Categoria: Pensieri e Parole

Bianco neve

Nevica.
L’aria è leggerissima. Il respiro si congela sul labbro superiore, screpolato nonostante lo spesso strato di burrocacao.
Un silenzio irreale avvolge il paesaggio. Ogni rumore è attutito, ciascuno avanza con cautela verso la meta finale del suo viaggio.

Nevica.
La geografia dell’intorno è sempre la stessa, eppure ogni cosa sembra improvvisamente mutata.
I fiocchi che cadono si intrecciano con cuffie di lana e capelli, il cielo distribuisce il suo personalissimo zucchero a velo.

Nevica.
L’atmosfera generale invoglia a fermarsi e volgere lo sguardo all’interno, a frugare nell’animo.
Ma perché non fare il contrario, invece? Lasciarsi andare come facevamo da bambini, gioiosamente tuffarci in questo materasso soffice, bianco neve, infilare le mani in questa farina gelata, ridere, tirare fuori la lingua calda per sciogliere ogni fiocco. Abbandonare ogni resistenza.

Un’avventura

La vita è un’avventura da vivere,
non un problema da risolvere.
[John Keats]

Eppure, a volte ho la sensazione che la vita si riduca a una formula chimica da bilanciare. Uno studio del punto di equilibrio tra lavoro, famiglia, amici e bisogni personali.

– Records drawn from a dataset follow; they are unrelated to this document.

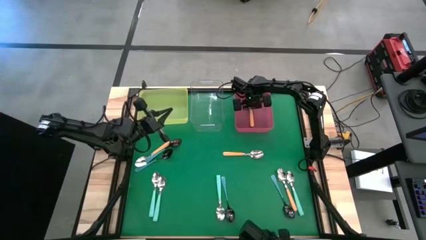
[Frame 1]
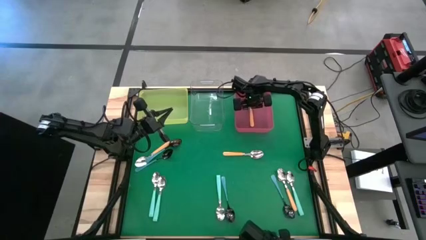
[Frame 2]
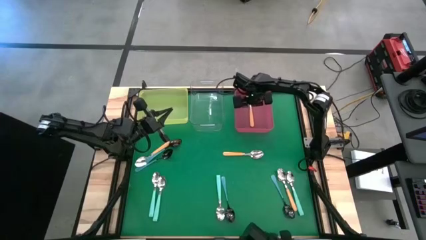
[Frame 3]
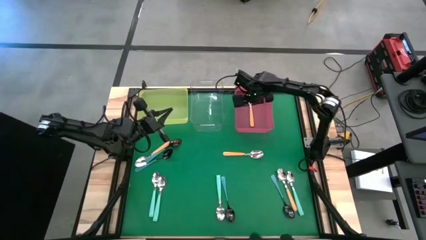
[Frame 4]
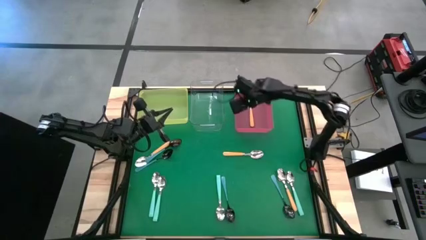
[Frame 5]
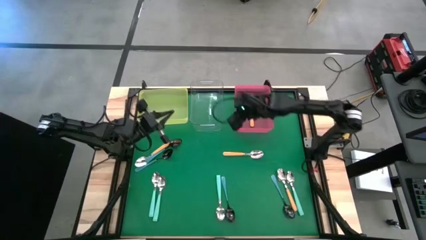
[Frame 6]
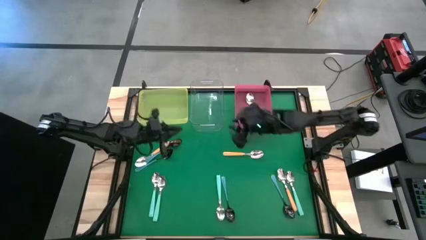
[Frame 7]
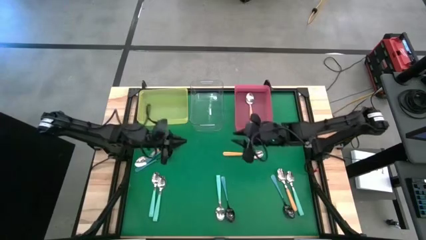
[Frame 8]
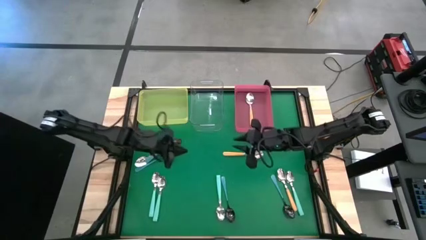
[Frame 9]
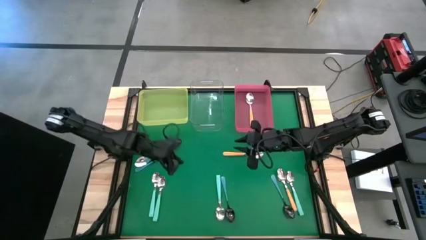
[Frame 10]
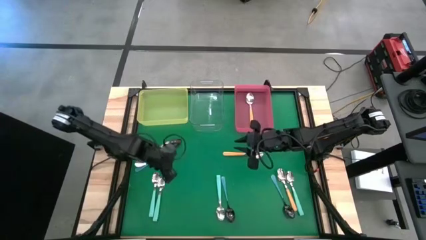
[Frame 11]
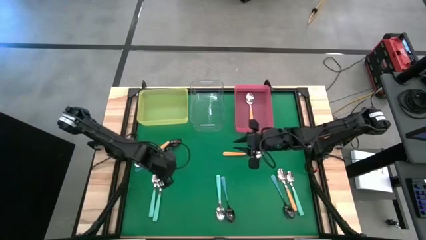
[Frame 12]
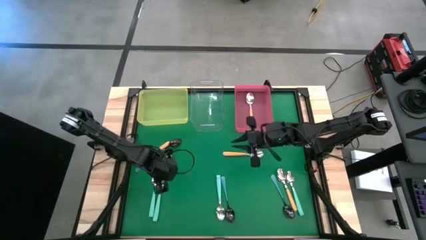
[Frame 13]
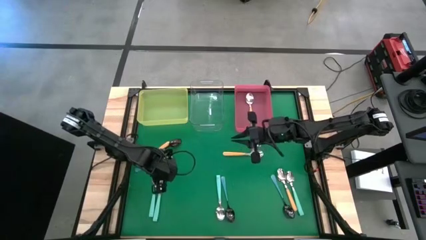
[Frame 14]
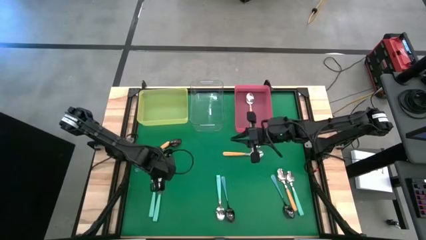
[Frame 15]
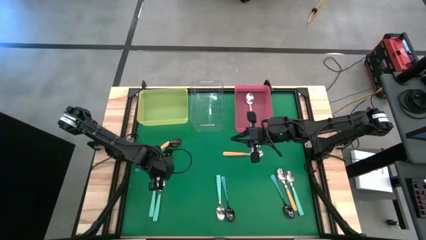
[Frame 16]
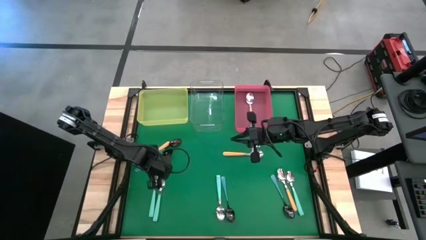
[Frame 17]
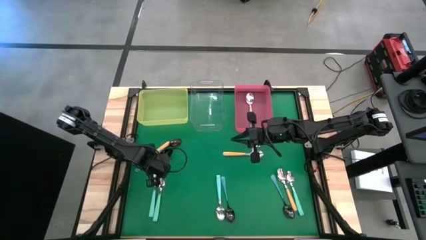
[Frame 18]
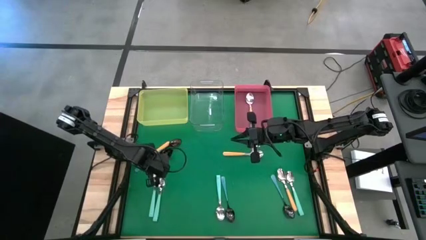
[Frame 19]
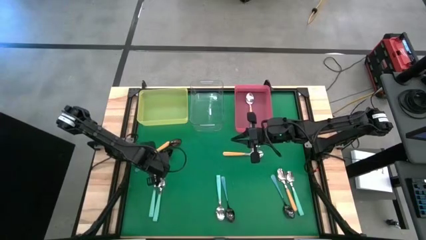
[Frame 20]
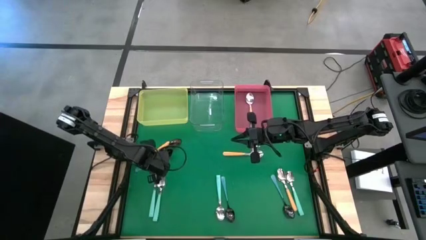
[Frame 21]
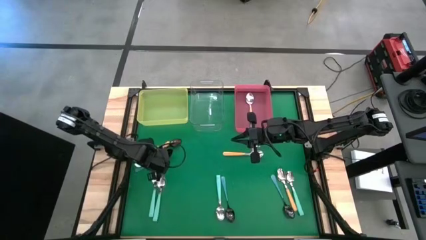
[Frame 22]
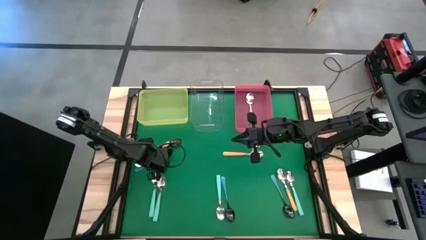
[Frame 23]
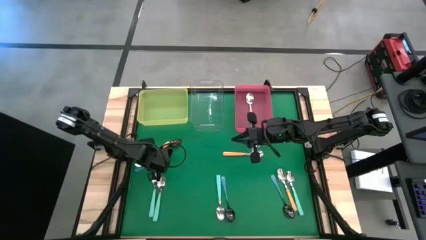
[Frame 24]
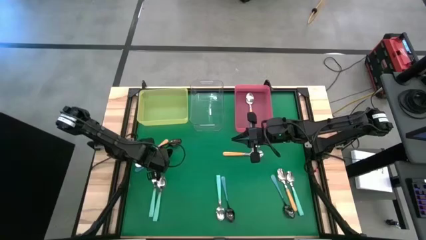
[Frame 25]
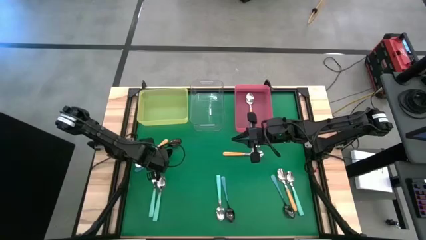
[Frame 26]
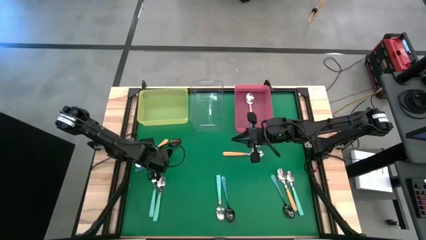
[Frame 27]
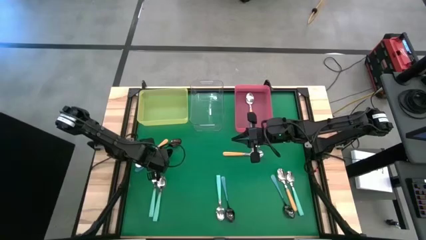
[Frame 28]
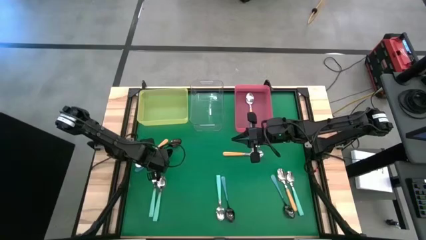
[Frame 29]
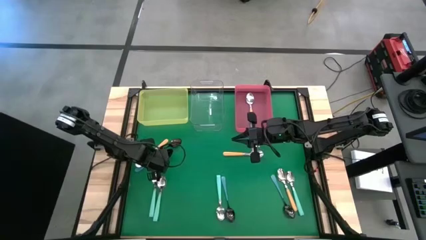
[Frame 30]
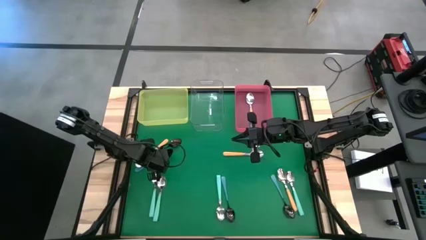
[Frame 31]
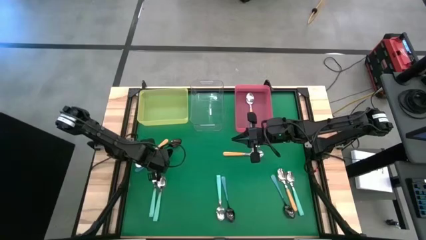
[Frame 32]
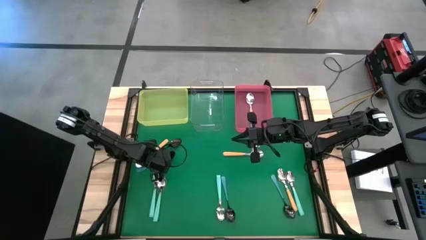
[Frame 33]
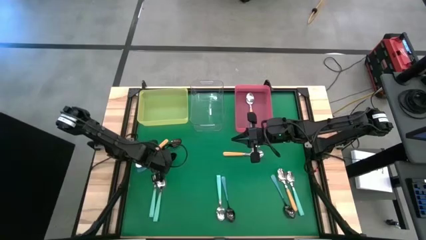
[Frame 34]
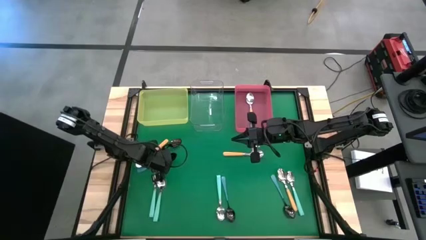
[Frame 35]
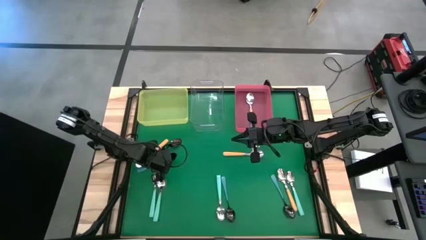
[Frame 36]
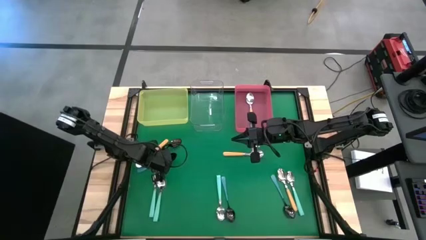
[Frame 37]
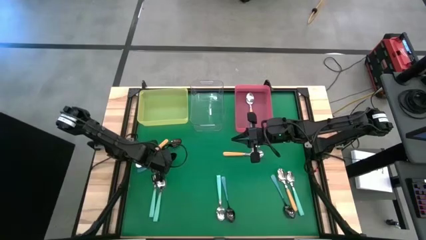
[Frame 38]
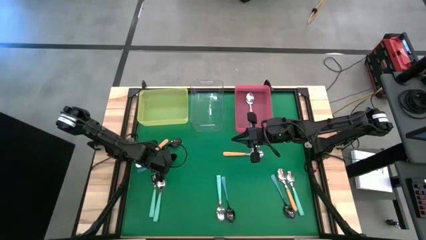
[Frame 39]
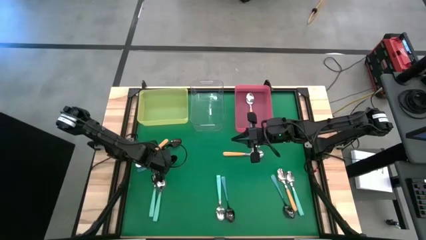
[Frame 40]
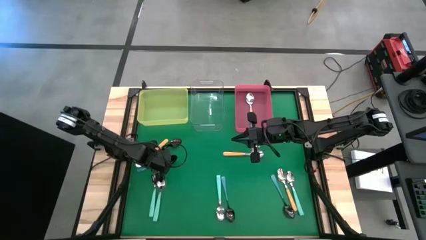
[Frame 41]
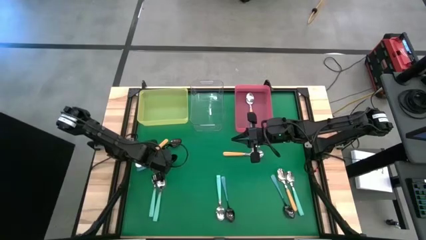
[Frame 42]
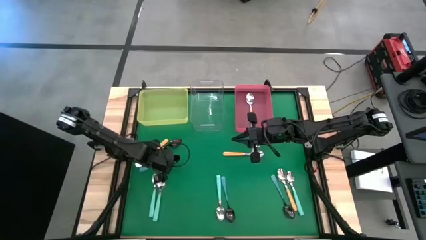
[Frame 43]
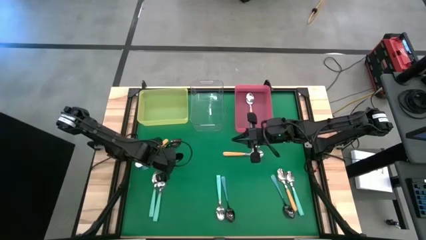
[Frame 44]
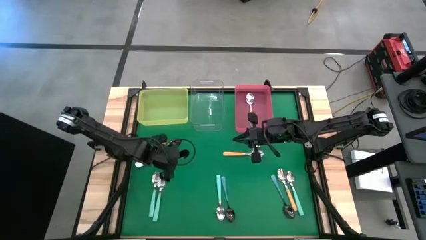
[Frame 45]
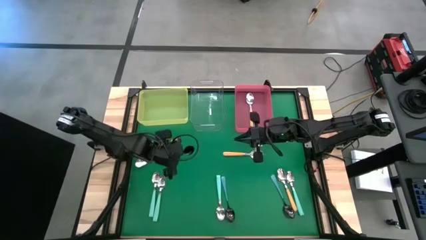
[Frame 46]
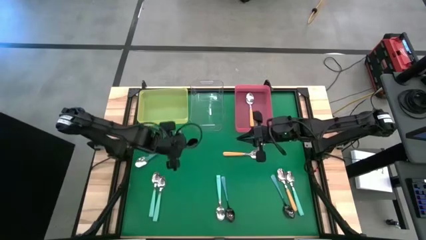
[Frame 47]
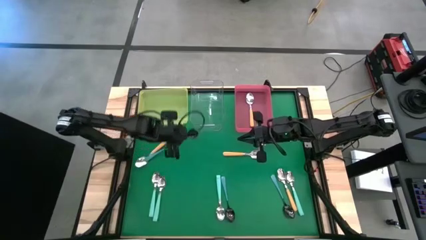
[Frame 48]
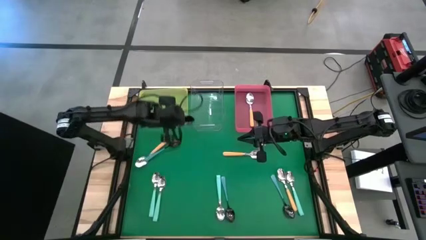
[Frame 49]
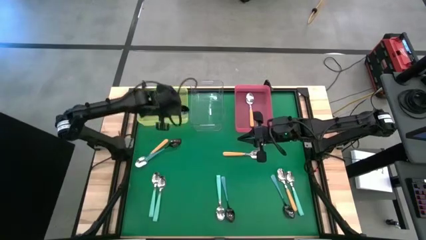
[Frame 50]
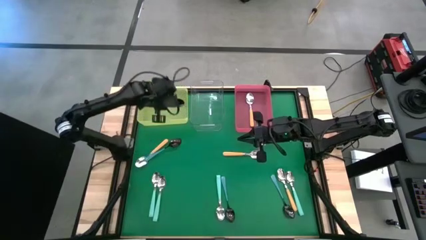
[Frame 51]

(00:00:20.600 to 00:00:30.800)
Task: Sort silverware by color (type)
Put the blue spoon into the yellow bin

Ogni piccola fluttuazione che ci allontana dal nostro baricentro ideale, ogni piccolo contrattempo diventa l’ennesimo scenario per sfoggiare le tue capacità di problem solving. Ma cos’è la vita se non una continua fluttuazione di cose e situazioni? E perché dovremmo risolvere ogni situazione? Forse, a volte, a non metterci mano, le cose si sistemerebbero da sole.
Forse dovremmo solo lasciarci andare di più. Semplicemente vivere, senza interrogarci su cosa costituisca problema e cosa no.

Onde d’amore

Ci sono infinite cose che in questa vita paragonerei al mare. La vita stessa, in realtà. Ma su tutte credo proprio che il paragone più calzante sia quello con l’amore.

Sì, perché come le maree, l’amore ha un andamento ciclico. A volte si ritira, ti lascia in secca con la preoccupazione di come fare a tirare avanti, ma soltanto per poi lambirti nuovamente lo spirito e sommergerti dolcemente nella sua incommensurebile grandezza.

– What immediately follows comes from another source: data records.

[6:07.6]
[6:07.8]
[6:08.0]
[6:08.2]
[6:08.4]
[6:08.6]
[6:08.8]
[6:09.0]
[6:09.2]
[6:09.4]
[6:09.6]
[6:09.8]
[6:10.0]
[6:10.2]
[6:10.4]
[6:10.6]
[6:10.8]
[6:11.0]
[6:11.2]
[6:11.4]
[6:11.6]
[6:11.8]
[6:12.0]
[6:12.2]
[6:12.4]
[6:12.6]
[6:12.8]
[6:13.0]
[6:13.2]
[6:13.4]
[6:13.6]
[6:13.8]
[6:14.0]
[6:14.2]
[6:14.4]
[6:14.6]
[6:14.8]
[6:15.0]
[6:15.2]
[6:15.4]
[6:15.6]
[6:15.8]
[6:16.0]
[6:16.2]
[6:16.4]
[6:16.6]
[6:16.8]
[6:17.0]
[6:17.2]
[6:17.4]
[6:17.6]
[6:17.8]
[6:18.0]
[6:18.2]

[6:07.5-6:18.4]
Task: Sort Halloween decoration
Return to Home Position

Come il mare, l’amore arriva a ondate. Sono piccole increspature silenziose, costanti e perpetue, e sono marosi che quasi incutono timore per l’energia travolgente con cui ti risucchiano! E proprio quando sei in balia di queste forze, allora sono attimi di brivido così sconvolgente da infondere meraviglia in ogni fibra dell’essere.